Exercise
Could you reproduce the line where "Commissioner" occurs and all lines after it in the listing below, through the final one, without changing anything?

Data shown
= = =

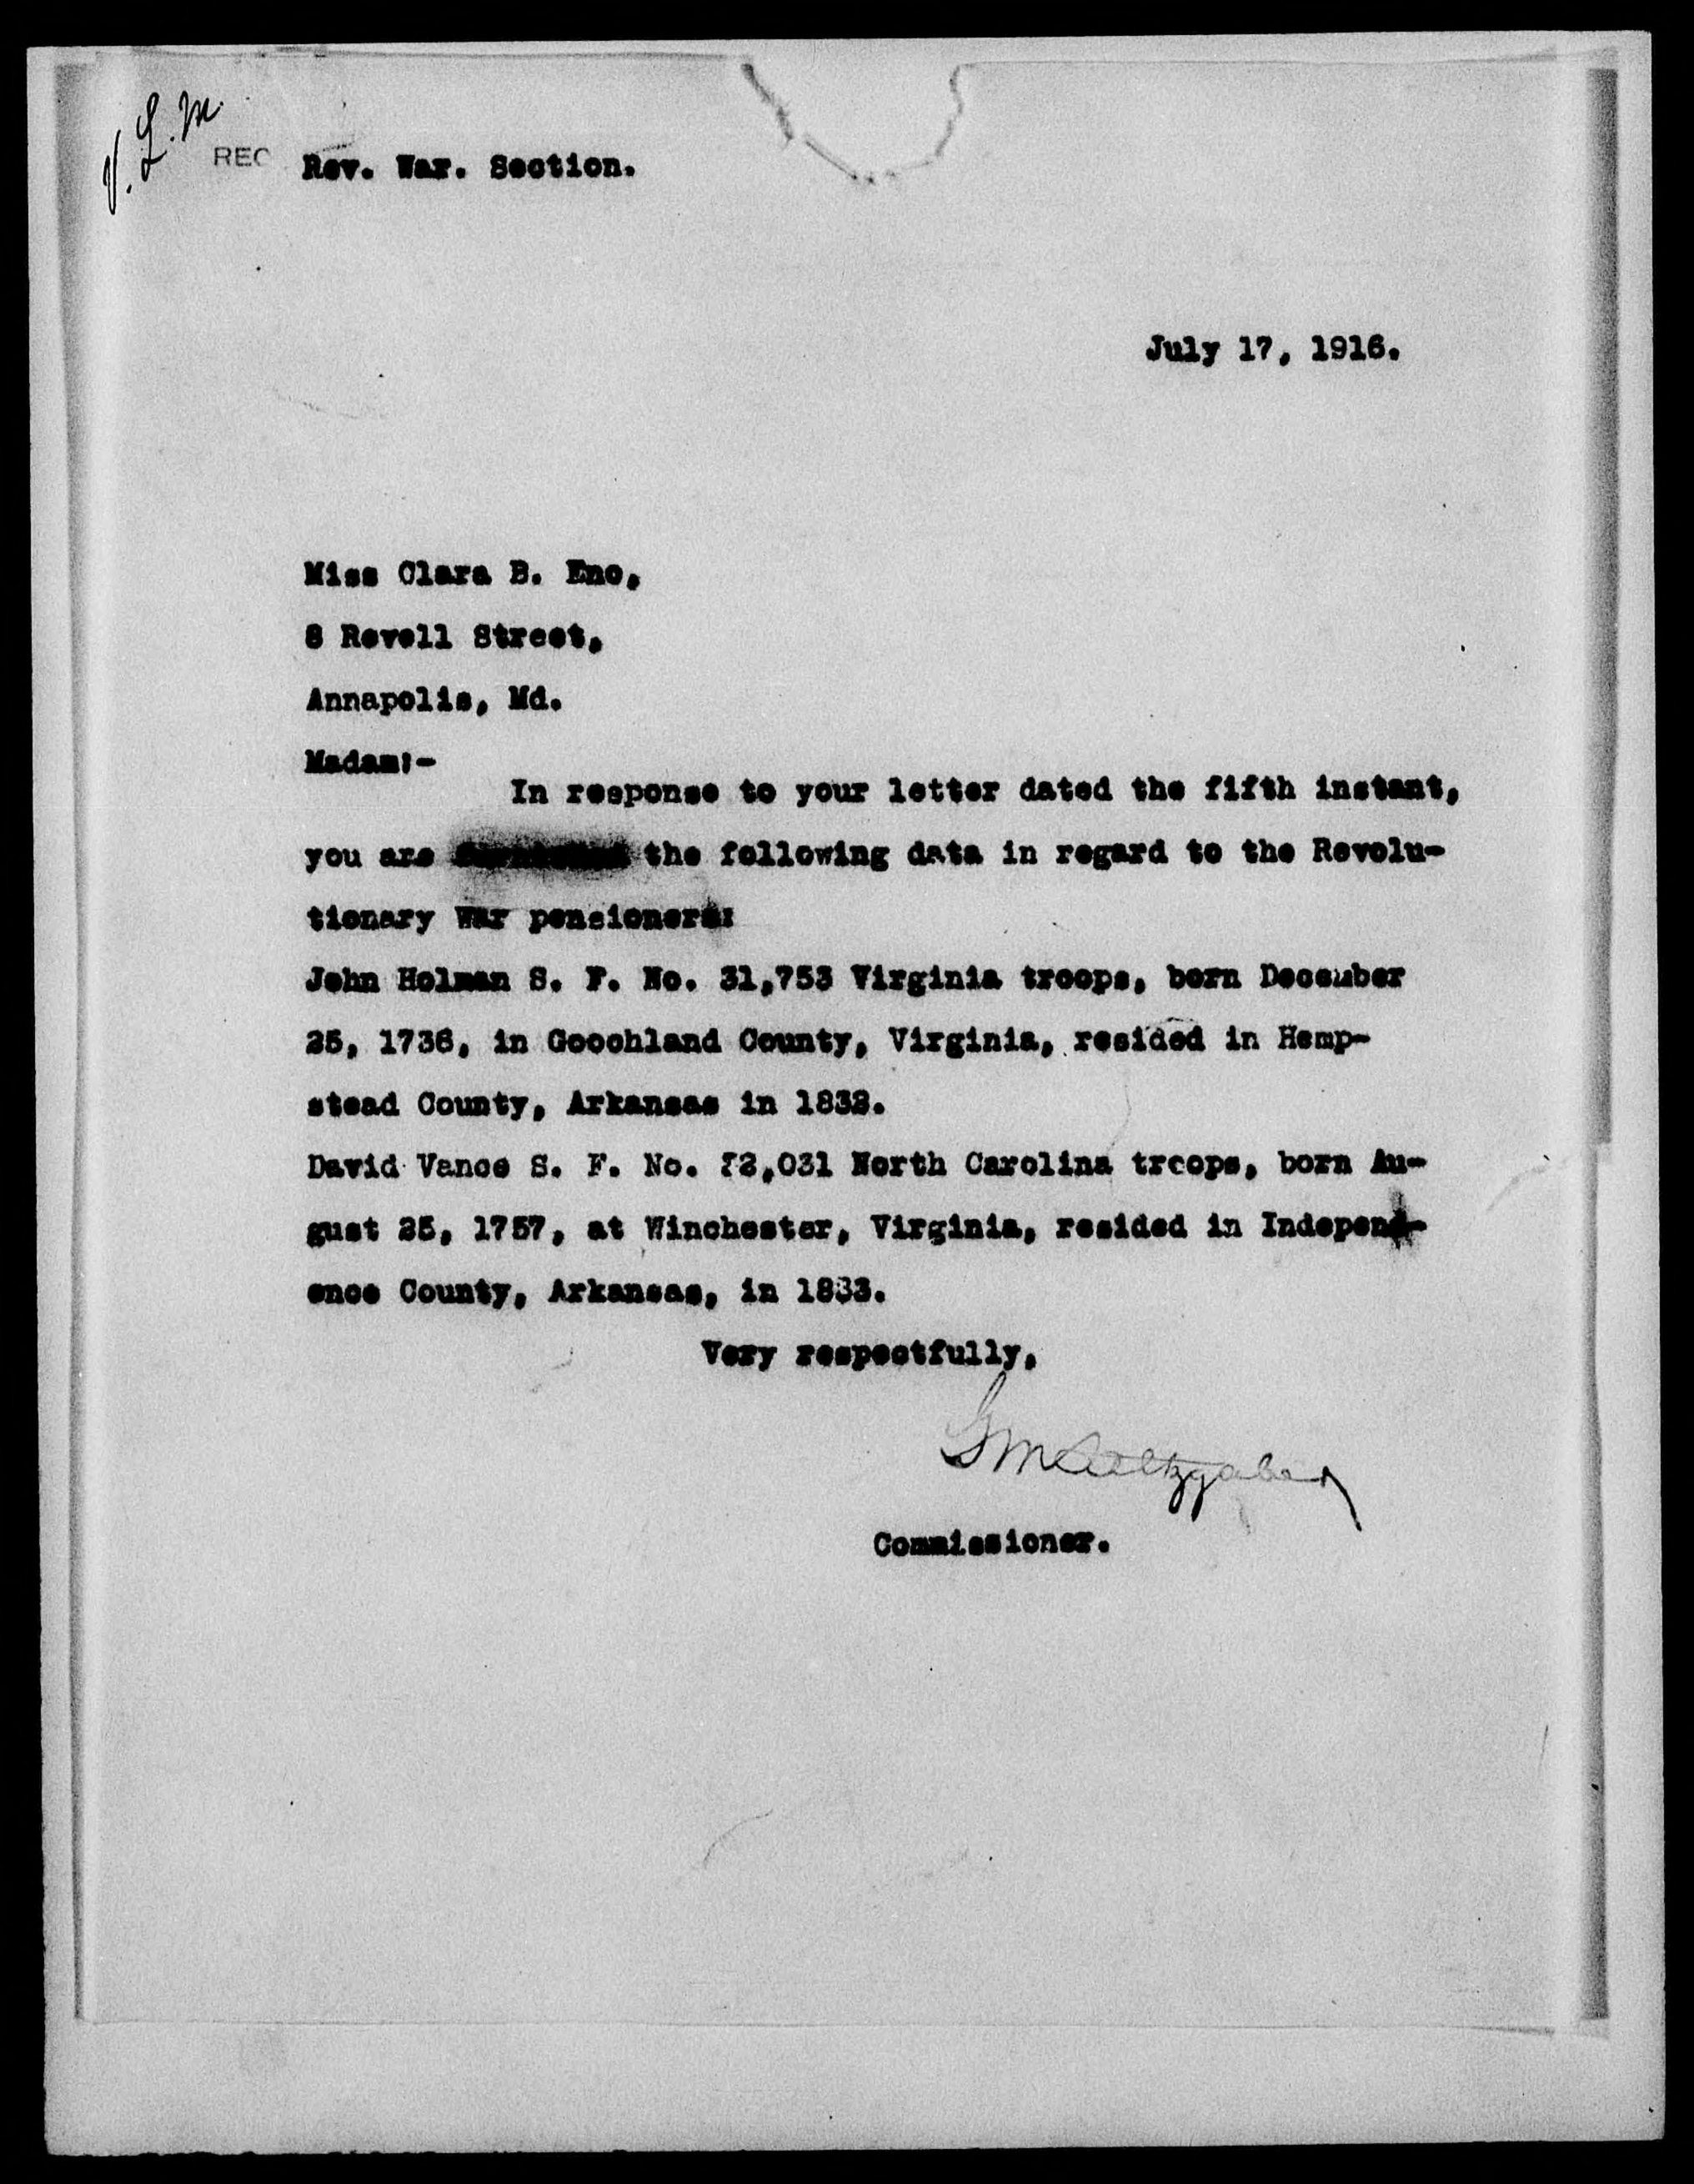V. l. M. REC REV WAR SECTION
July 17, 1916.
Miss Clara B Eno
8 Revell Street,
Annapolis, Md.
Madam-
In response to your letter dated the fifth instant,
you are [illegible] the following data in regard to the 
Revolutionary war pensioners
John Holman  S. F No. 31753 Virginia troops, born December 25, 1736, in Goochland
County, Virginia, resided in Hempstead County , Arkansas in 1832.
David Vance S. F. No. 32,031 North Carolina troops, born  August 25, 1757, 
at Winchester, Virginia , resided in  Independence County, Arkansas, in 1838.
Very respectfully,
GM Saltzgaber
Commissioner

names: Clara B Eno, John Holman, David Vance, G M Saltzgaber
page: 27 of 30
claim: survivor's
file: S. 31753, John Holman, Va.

= = =

Result
Commissioner

names: Clara B Eno, John Holman, David Vance, G M Saltzgaber
page: 27 of 30
claim: survivor's
file: S. 31753, John Holman, Va.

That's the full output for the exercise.